## TASK OBJECTIVE:
After finding the line that contains "སྦྲེལ་མ། ཐོ་གསོ། མདུན་བསྐྱེད།" in the entries below, retype it and every following line precisely, the last included.

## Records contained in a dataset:
|---|

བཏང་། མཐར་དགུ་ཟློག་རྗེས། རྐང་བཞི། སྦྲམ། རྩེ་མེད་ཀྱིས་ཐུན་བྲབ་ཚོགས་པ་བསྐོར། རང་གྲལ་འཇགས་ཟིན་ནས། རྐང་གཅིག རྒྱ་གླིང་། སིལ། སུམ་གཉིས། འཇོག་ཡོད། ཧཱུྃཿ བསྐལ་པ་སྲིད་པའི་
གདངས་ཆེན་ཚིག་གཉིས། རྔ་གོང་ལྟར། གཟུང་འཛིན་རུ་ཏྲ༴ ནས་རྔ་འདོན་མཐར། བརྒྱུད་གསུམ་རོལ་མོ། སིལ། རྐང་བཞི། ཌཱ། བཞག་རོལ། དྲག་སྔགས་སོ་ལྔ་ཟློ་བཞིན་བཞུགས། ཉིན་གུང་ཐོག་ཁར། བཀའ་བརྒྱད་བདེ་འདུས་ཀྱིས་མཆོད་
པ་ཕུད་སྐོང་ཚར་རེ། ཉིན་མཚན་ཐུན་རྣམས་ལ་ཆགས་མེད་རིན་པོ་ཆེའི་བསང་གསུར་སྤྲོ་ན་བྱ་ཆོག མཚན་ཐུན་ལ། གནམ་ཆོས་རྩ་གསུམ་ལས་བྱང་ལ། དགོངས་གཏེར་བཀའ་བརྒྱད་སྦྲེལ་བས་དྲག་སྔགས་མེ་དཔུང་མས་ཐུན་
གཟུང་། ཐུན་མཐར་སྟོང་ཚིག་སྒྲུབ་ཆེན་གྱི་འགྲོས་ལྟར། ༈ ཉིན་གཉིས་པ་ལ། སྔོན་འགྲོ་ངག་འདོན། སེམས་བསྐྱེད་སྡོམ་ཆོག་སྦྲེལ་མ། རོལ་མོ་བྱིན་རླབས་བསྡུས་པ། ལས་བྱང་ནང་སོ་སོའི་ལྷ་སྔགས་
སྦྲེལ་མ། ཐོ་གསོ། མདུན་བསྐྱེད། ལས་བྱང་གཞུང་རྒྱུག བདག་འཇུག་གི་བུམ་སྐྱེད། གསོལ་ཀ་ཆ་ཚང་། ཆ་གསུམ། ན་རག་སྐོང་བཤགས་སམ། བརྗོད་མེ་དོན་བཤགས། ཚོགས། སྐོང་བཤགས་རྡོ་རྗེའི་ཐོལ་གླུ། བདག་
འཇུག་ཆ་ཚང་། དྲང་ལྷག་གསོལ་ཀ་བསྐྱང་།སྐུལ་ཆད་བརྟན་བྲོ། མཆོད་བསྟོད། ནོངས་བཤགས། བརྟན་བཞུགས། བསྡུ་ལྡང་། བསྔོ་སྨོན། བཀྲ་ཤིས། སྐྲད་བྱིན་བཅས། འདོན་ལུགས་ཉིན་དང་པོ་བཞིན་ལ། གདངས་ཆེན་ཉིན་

|---|

## REPLY:
སྦྲེལ་མ། ཐོ་གསོ། མདུན་བསྐྱེད། ལས་བྱང་གཞུང་རྒྱུག བདག་འཇུག་གི་བུམ་སྐྱེད། གསོལ་ཀ་ཆ་ཚང་། ཆ་གསུམ། ན་རག་སྐོང་བཤགས་སམ། བརྗོད་མེ་དོན་བཤགས། ཚོགས། སྐོང་བཤགས་རྡོ་རྗེའི་ཐོལ་གླུ། བདག་
འཇུག་ཆ་ཚང་། དྲང་ལྷག་གསོལ་ཀ་བསྐྱང་།སྐུལ་ཆད་བརྟན་བྲོ། མཆོད་བསྟོད། ནོངས་བཤགས། བརྟན་བཞུགས། བསྡུ་ལྡང་། བསྔོ་སྨོན། བཀྲ་ཤིས། སྐྲད་བྱིན་བཅས། འདོན་ལུགས་ཉིན་དང་པོ་བཞིན་ལ། གདངས་ཆེན་ཉིན་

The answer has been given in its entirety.